If you go somewhere posh, where they charge £30 for a main including VAT, it would have cost the restaurant around £7.50 to get it on the plate, and on top of that you have to think about rent, napery and staff costs. We are all aiming for a GP of about 70 per cent; if we hit that then we are happy. We normally times the food cost by three, or four if we think we can get away with it. Having said that, what you lose on the swings you make up with on the side dishes.

Restaurants love a side dish, almost as much as they love a vegetarian option or indeed a bowl of soup. Side dishes are posh pizza. We sell them at £4 or £5 a pop and they cost pennies to make. Buttered spinach? 20 pence to make, £5 on the plate. Chips? 15 pence to make, £4.50 on the plate. A nice beetroot salad? 30 pence to make, £7 on the plate. Macaroni cheese? 50 pence to make (cheese is surprisingly expensive), a £10 hot and sizzling main course dish. It is not quite pizza standards but getting there. Obviously the more expensive the ingredients, the more difficult it is to make money. So a big fat bit of fillet might look overpriced at £35 but it will not be the most lucrative dish for us.

And it doesn’t take much for the GP to slide. If you get a chef who’s a little bit lax and starts burning the food, or throwing the end of the carrots away, peeling too much off the celeriac, leaving flesh in the bones of the fish, you can suddenly find your GP slipped back to 65 per cent without you really noticing. Jean Christophe Novelli famously checks his bins every morning to see what is being thrown away, thereby making sure no one is being too profligate with his profits. You have to be on it all the time. Otherwise you suddenly find that lamb prices have doubled since the spring and the rump you’ve had on the menu all year is costing you twice as much as it did, and you haven’t changed the price on the menu. You’ve got to be in and out of the kitchen and all over the books like a Ritalin-fuelled nit-picker. I am sure that’s one of the reasons why large companies such as Gordon Ramsay Holdings find it tough to keep such a great big show on the road. It’s hard to be hands on and abreast of the goings-on in all your kitchens when you’re on the other side of the world watching a Lakers game with David Beckham.

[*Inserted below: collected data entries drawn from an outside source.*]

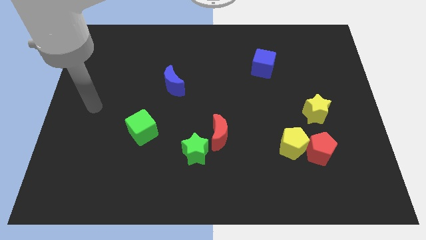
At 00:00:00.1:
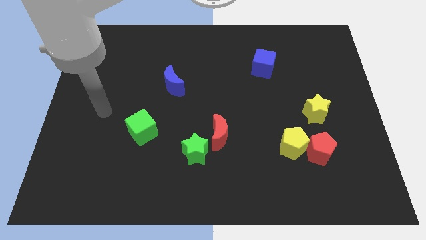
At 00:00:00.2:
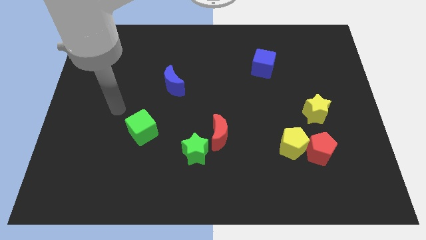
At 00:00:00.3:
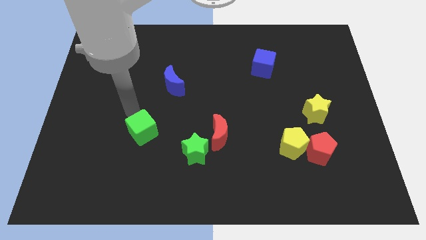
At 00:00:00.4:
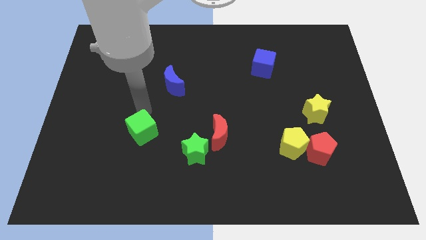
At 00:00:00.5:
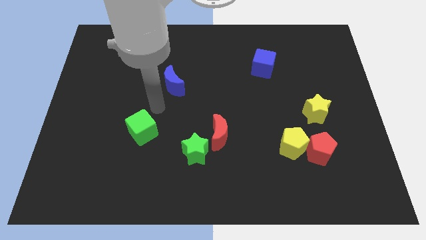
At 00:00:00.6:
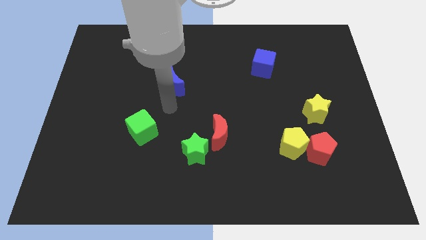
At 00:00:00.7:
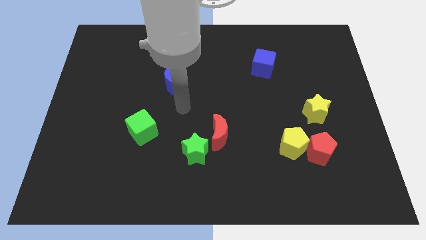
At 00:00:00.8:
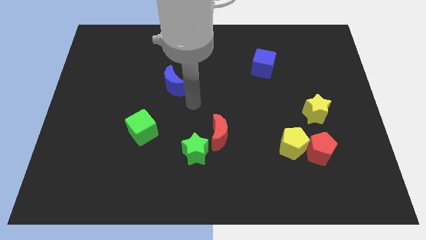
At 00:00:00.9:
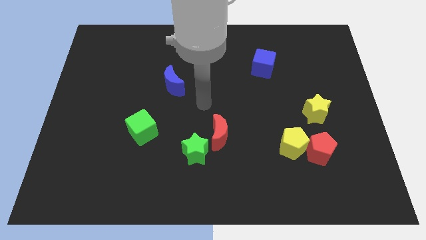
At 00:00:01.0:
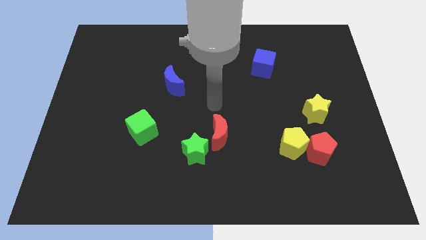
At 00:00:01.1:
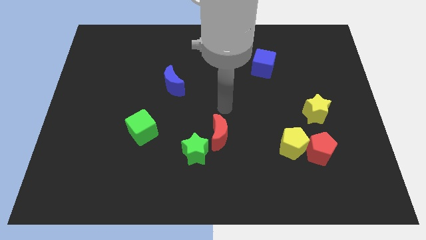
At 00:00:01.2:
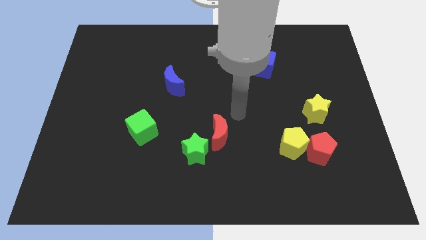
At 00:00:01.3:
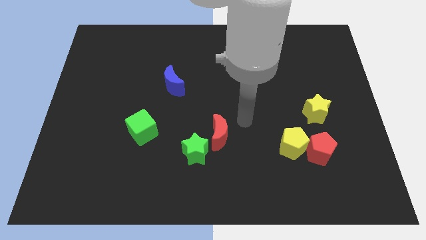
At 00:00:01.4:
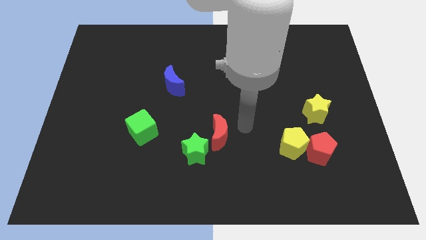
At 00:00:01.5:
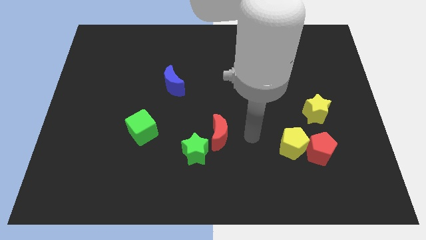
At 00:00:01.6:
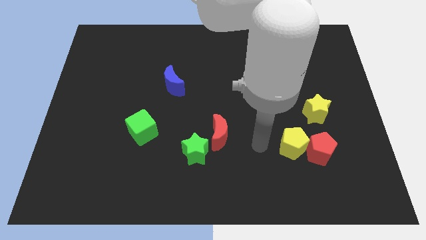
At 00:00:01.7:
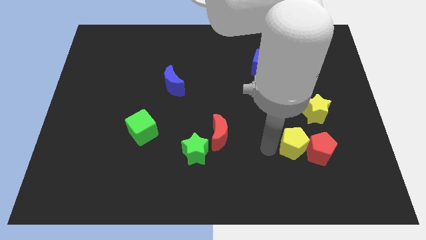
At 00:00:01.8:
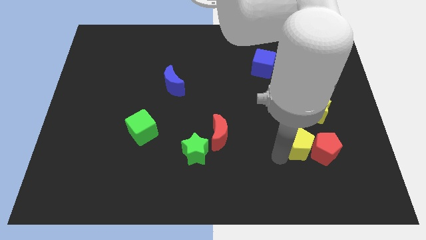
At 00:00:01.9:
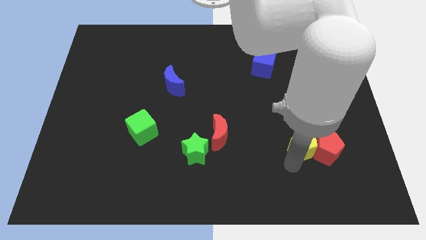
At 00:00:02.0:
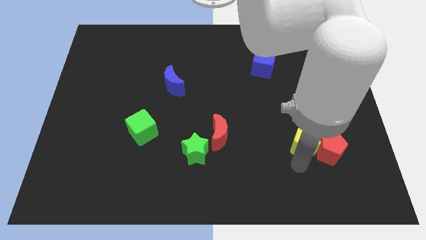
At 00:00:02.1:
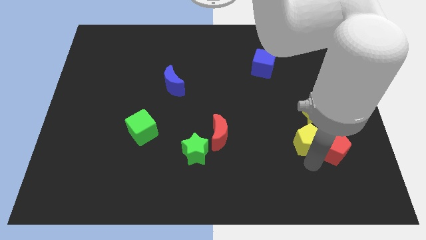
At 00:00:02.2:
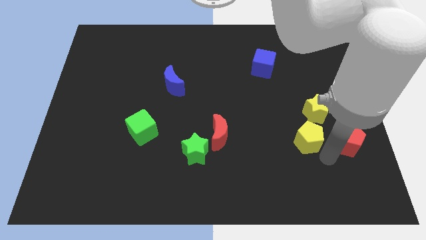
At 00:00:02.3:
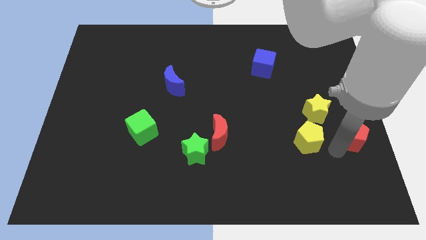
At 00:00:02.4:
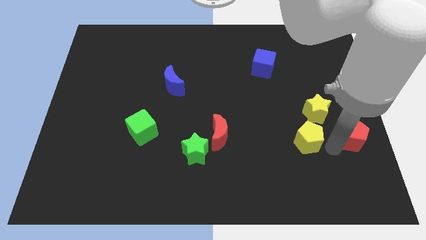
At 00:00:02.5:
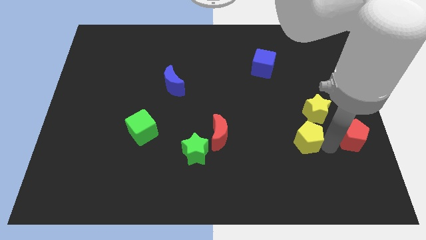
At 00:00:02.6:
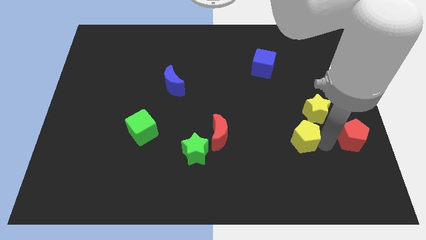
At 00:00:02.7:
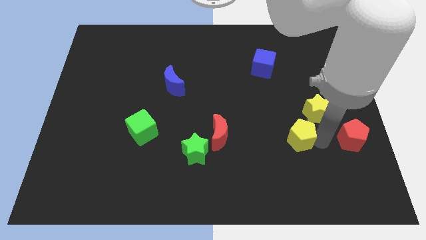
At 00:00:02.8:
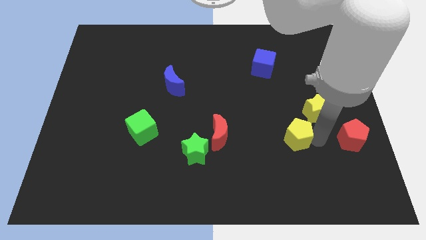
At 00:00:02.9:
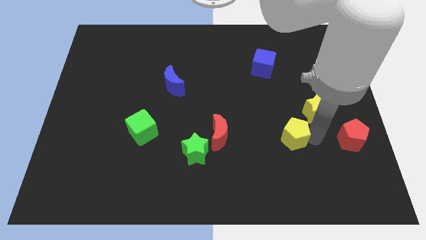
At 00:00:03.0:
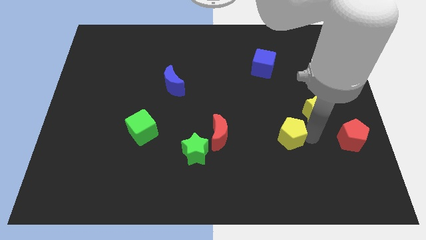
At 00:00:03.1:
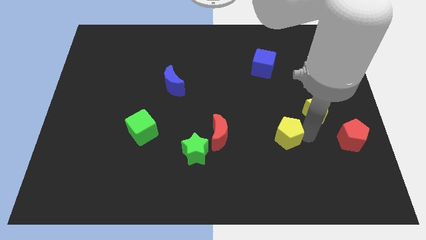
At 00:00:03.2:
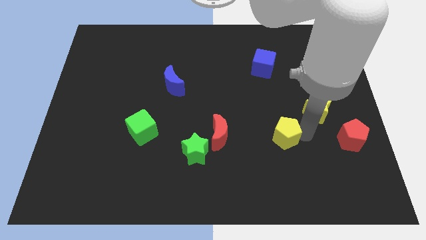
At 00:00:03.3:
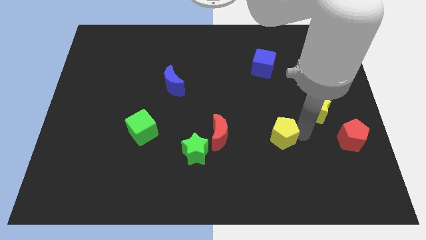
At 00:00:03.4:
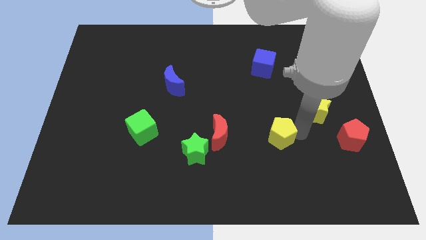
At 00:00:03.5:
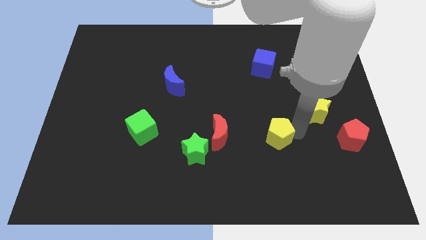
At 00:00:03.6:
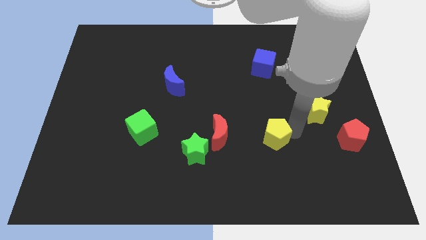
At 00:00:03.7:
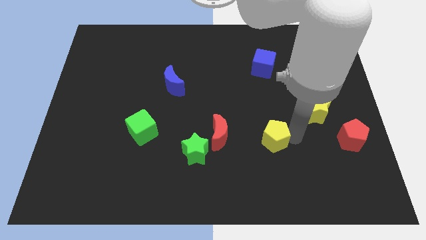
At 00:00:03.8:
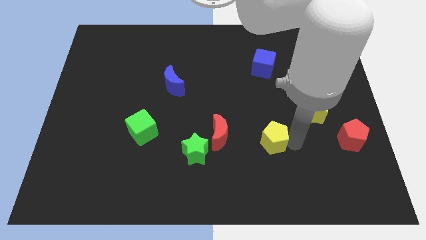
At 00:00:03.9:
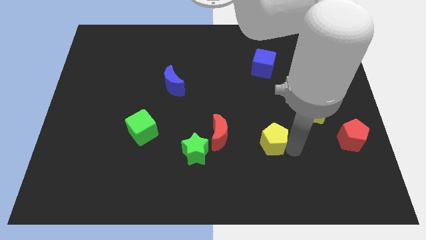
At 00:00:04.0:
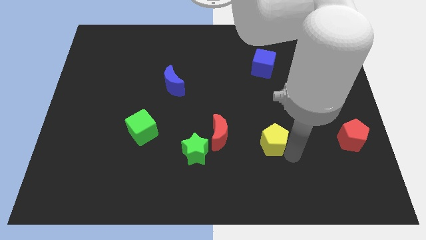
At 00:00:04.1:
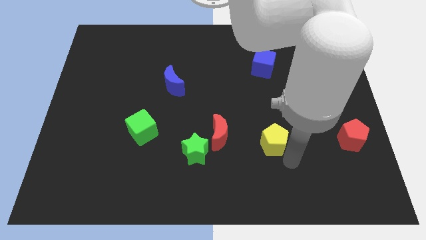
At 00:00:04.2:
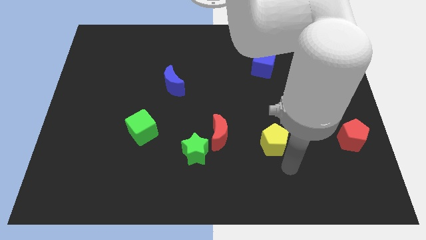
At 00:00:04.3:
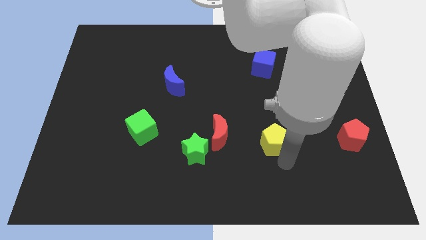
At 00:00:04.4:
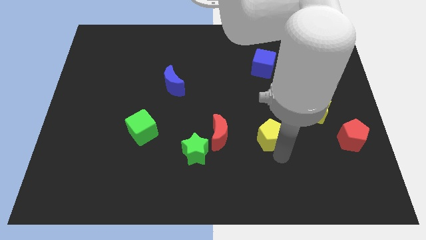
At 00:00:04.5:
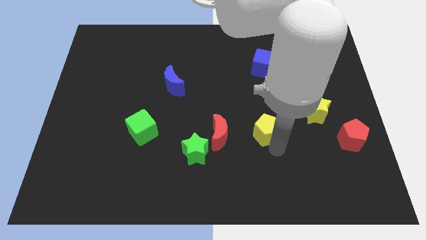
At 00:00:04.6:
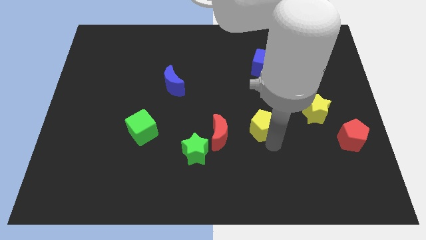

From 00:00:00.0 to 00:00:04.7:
slightly slide the yellow pentagon diagonally up and to the left

I walk through the back of La Restaurant’s kitchen to have a quick look in the fridges. I don’t want Oscar turning up and opening the large walk-in to find raw meat dripping on cooked meat, or dripping on the floor as I’d found it last week before going totally mad and throwing the whole lot out onto the kitchen floor. Or an army of revolting Pharaoh ants like I found last month. They are horrible little bastards. Protein eaters, they feast on spilt blood or any bits of meat left on the floor. I was straight on the phone to Rentokil to get them out. We’ve got a contract with them to come and deal with our rats, mice and cockroaches. If we are going to keep our star, cleanliness is all part and parcel of the package.

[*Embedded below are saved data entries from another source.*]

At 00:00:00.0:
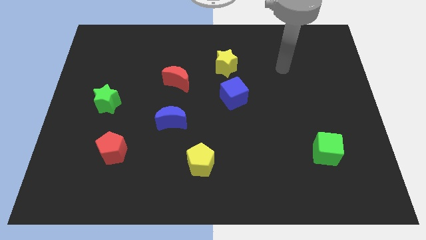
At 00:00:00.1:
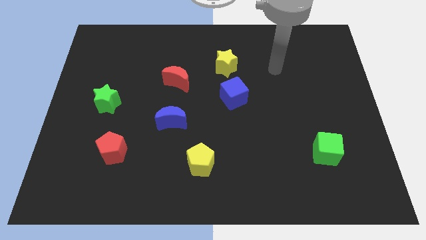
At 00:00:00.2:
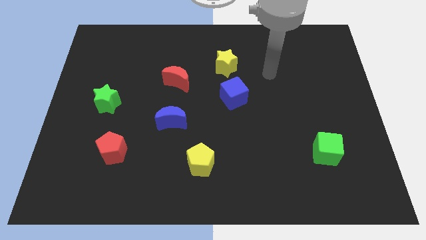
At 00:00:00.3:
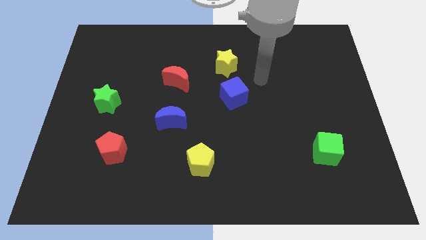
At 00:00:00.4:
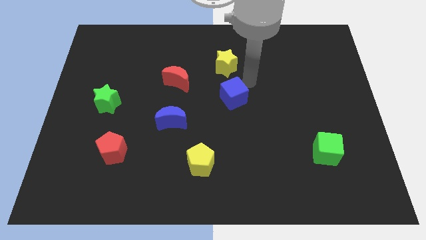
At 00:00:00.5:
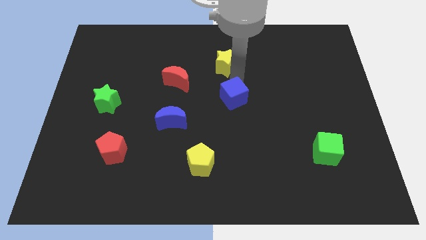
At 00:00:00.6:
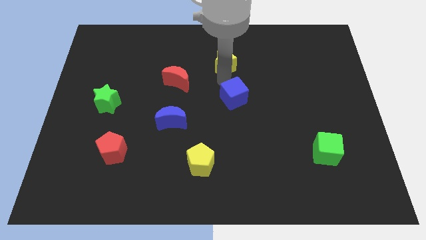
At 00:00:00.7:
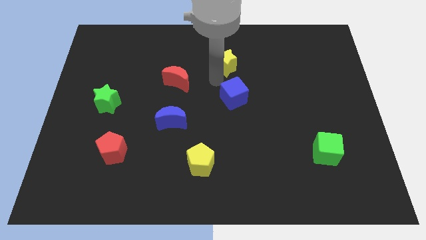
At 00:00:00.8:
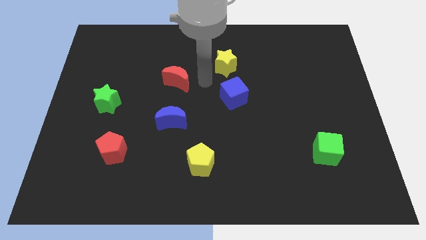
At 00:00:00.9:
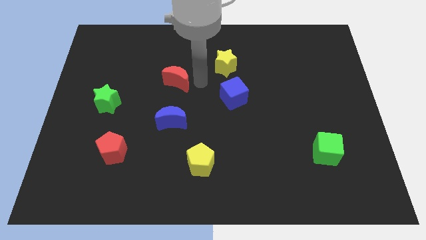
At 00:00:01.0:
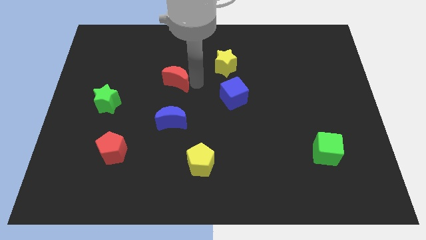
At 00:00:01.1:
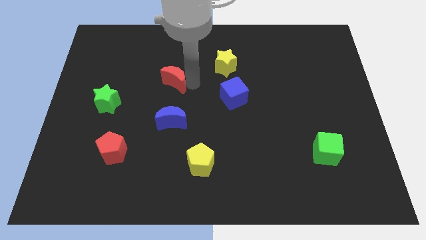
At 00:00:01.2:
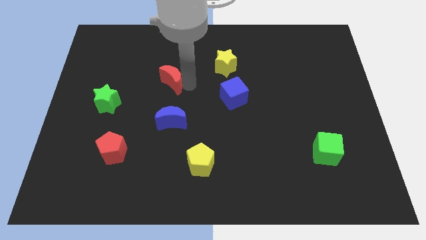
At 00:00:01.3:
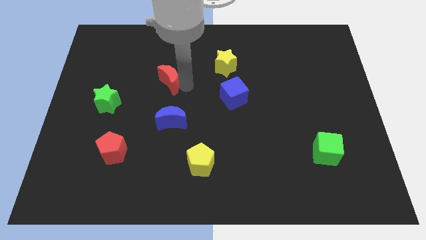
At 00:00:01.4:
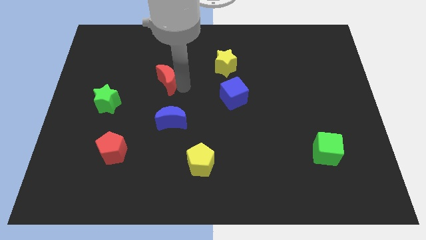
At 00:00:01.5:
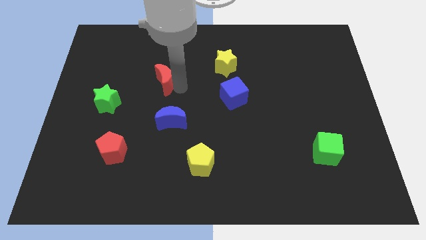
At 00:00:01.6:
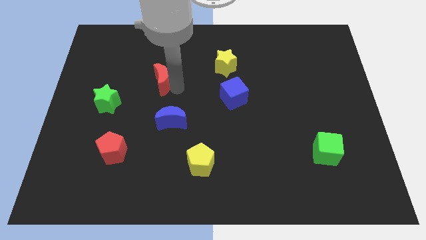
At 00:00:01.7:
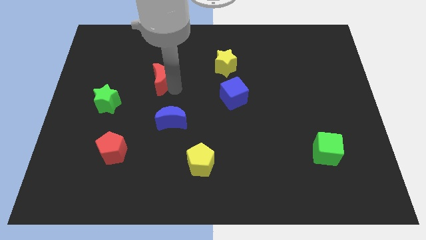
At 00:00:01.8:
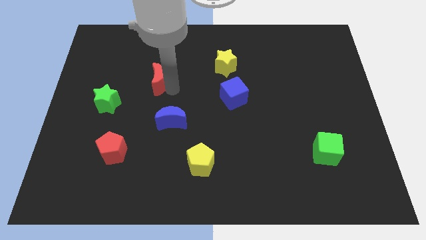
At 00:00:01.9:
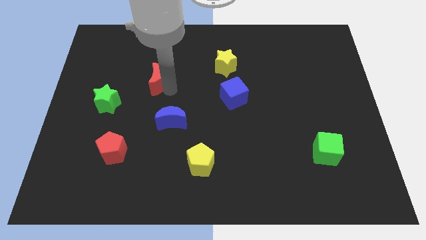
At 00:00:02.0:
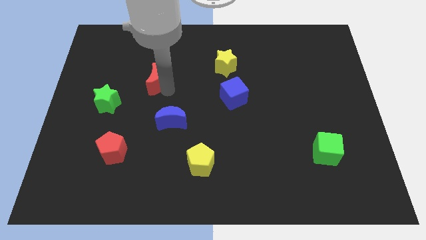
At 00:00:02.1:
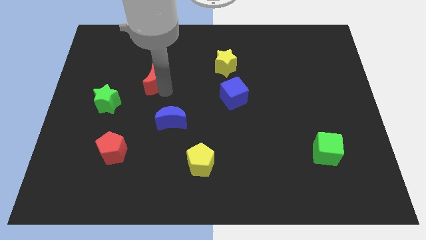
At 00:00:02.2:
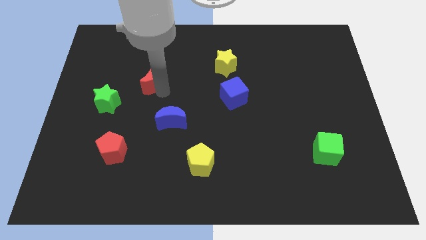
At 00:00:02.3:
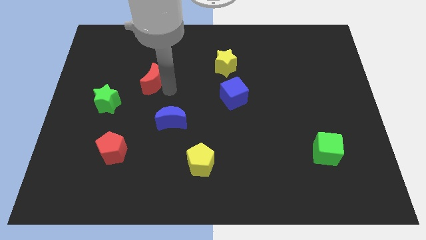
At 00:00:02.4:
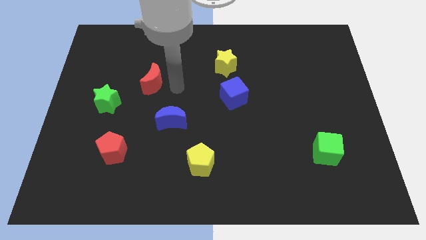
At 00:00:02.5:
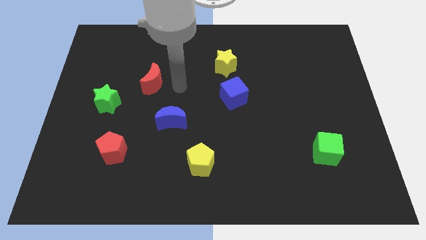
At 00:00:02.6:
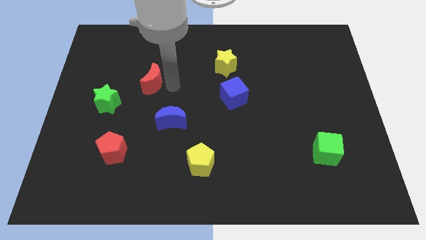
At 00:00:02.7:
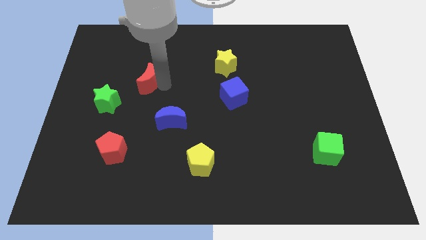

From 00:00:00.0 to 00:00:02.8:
slightly push the red moon left

Fortunately the ant army is nowhere to be seen and the meat is neatly stacked. There is a large shelf of T-bones, then a couple of racks of lamb chops that are waiting for a trim. They’re on different shelves to indicate which day they came into the restaurant. On another shelf there’s a large pancetta curing, a huge tub of giant green Cerignola olives, and a large bucket of par-boiled artichokes, plus a stack of baby pink rhubarb, chicken liquor and some more blood oranges.

I am just closing the door when I hear a terrible scream.

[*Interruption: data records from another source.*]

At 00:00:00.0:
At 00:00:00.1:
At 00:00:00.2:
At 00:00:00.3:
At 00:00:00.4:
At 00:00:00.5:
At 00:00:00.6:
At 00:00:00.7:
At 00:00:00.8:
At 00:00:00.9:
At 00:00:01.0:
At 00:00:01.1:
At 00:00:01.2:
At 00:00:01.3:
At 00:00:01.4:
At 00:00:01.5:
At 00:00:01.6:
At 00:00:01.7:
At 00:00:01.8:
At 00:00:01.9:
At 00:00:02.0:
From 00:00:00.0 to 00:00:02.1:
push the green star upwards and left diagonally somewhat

‘Ma-a-a-an! Fuck off, ma-a-a-an, stay away from me, ma-a-a-an!’

There’s a clatter of knives and some screaming and shouting and, as I walk back into the kitchen, I hear the back door slam.

‘What’s going on?’ I ask. I look from one commis chef to another. They are standing there, opened mouthed, staring at the recently slammed door. ‘Where’s Sean?’

‘He’s gone,’ says Barney, stating the obvious.

‘Gone where?’

‘He started freaking out about the cauliflower,’ Barney continues, glancing across at the chopping board covered in white florettes. ‘He said it was like chopping brains, people’s brains, mad people’s brains. It completely freaked him out and he ran out the door. D’you want me to go after him?’

‘Yes, but be quick about it, we’ve got two head chefs turning up in three minutes – as if that’s not going to be enough of a shit storm, without being two commis down as well.’